War came without warning to the village of Khodor in Lebanon's Bekaa Valley. Israel's fight with the Iran-backed group Hezbollah, long designated a terrorist organization by Israel and the U.S., has been focused for weeks in southern Beirut and further south, near the Lebanon-Israel border, where the Israel Defense Forces have ordered tens of thousands of people to evacuate.
One of the deadliest Israeli strikes to date came Thursday evening, when missiles slammed into buildings in central Beirut. Lebanon's caretaker Prime Minister Najib Mikati said 22 civilians were killed and wounded another 139. The Reuters news agency quoted Lebanese security officials as saying the Israeli strike had targeted senior Hezbollah official Wafiq Safa, who survived.
About 20 miles to the east of Beirut, there have been no IDF evacuation orders in Khodor. But there have been airstrikes. Mourners gathered and wept for five people killed in one of them Wednesday. A much-loved schoolteacher and his grandson were among those killed. So was Ahmed Awdeh's father — crushed to death under rubble.
Awdeh's memories of the man he adored have been reduced to a treasured photo album.
"My dad was a farmer," the traumatized boy (how old?)said. "He was kind and loved by all."
For most of the past year, since Hezbollah's Hamas allies in the Gaza Strip sparked the ongoing war there with their Oct. 7, 2023 terrorist attack, the people of Khodor had rarely found themselves in Israel's firing line.
Since the escalation of Israel's parallel war with Hezbollah about two weeks ago, however, the tiny village has been hit repeatedly by Israeli airstrikes. Israel ramped up its fight against Hezbollah, a powerful, well-armed Iranian proxy group deeply embedded in Lebanon's politics, in response to it launching more than 10,000 rockets at Israel in support of Hamas over the last year.

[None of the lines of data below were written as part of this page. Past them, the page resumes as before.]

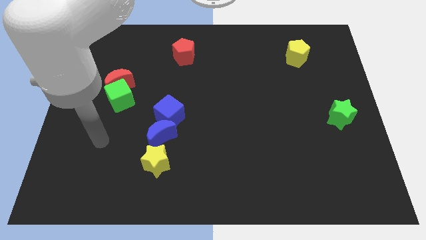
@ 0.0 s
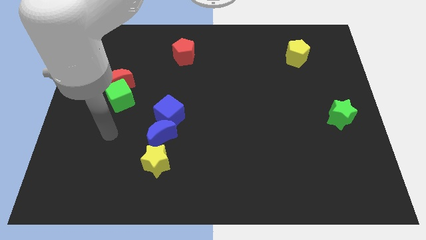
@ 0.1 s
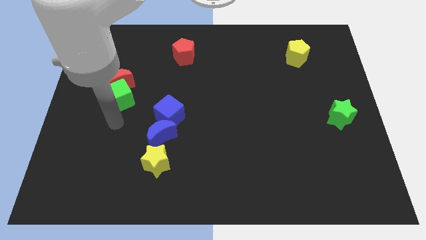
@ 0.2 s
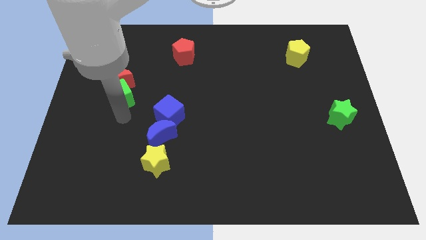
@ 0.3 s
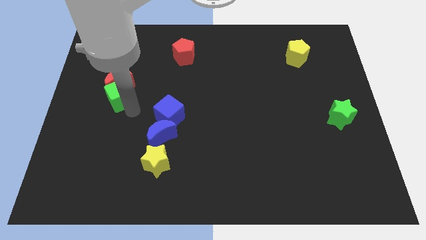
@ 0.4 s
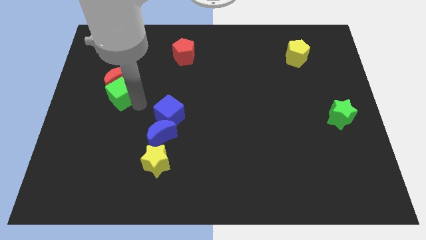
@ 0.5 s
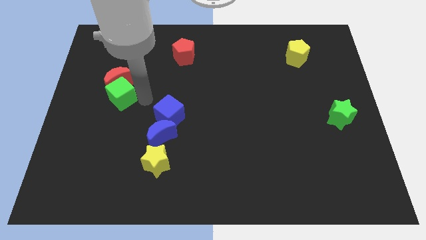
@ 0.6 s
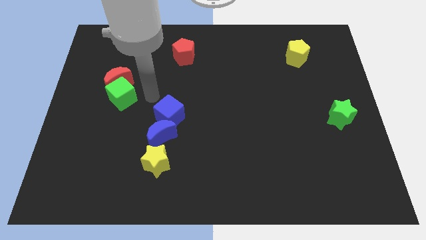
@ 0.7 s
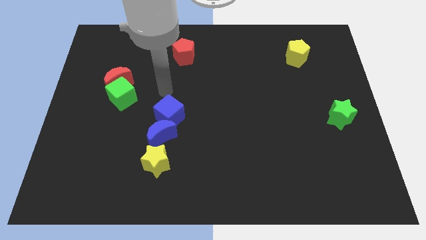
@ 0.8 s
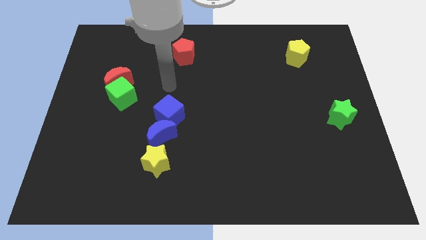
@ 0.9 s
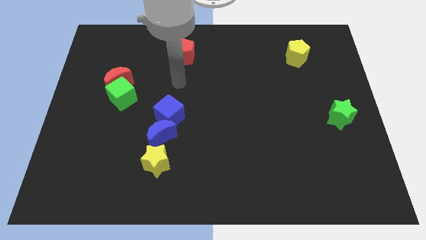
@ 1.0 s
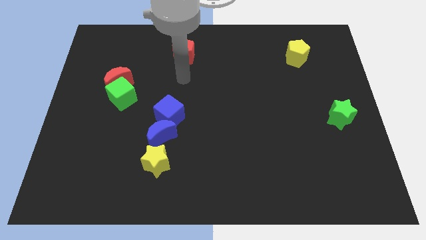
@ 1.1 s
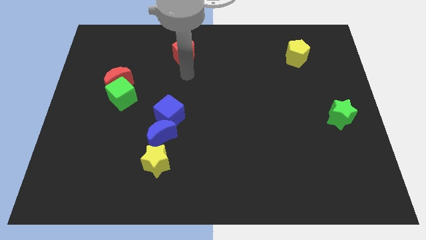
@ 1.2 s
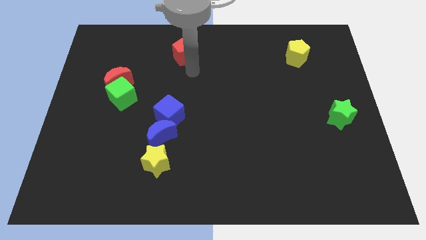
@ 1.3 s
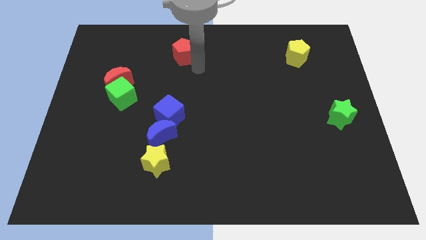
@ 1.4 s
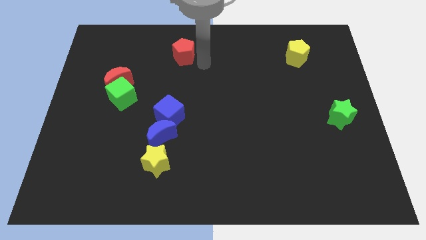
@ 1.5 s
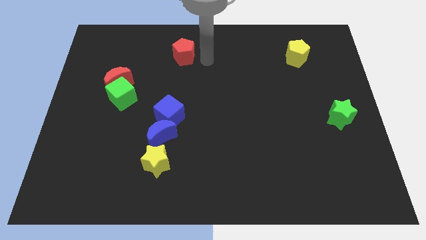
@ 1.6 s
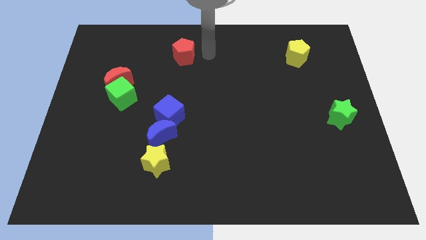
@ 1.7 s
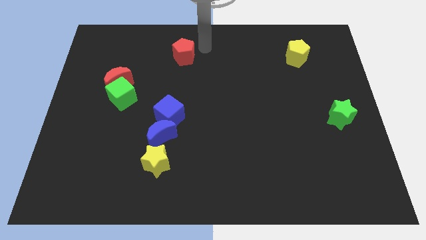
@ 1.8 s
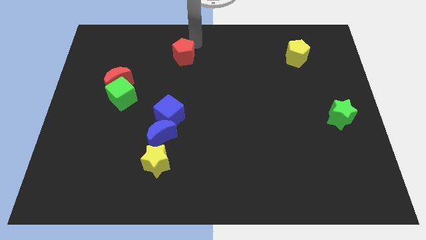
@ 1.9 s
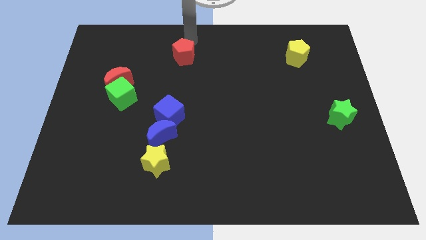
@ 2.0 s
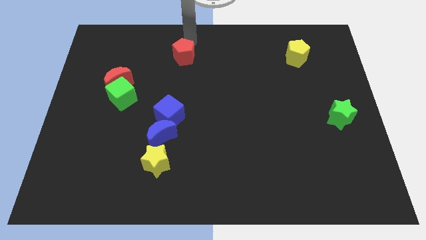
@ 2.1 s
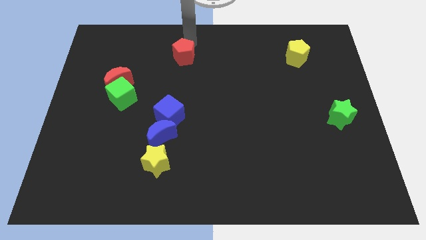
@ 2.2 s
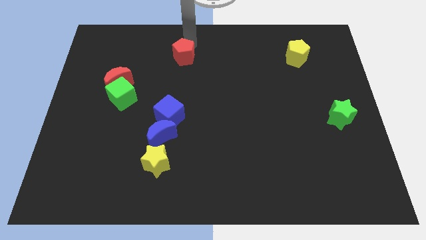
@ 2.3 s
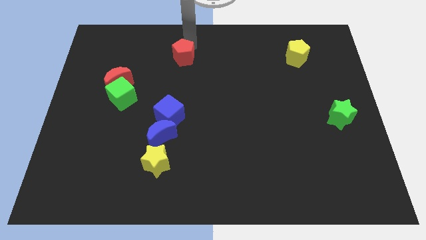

Israeli Prime Minister Benjamin Netanyahu has said the objective is to drive Hezbollah fighters and weapons back far enough from Israel's northern border to stop the hail of rocket fire, to enable tens of thousands of Israelis to return to their deserted homes in the region. The Israeli threatened this week to inflict upon Lebanon "a long war that will lead to destruction and suffering like we see in Gaza" if the Lebanese people do not reject Hezbollah.
The IDF said cross-border ground operations launched at the end of September in southern Lebanon would be "limited, localized, and targeted ground raids based on precise intelligence."
Lebanese officials say Israel has killed 2,141 people with its operations in the country since they began just over a year ago — about half of them since the assault escalated dramatically at the end of September, and at least 22 in strikes on Wednesday alone. More than 10,000 others have been wounded, according to the country's health ministry.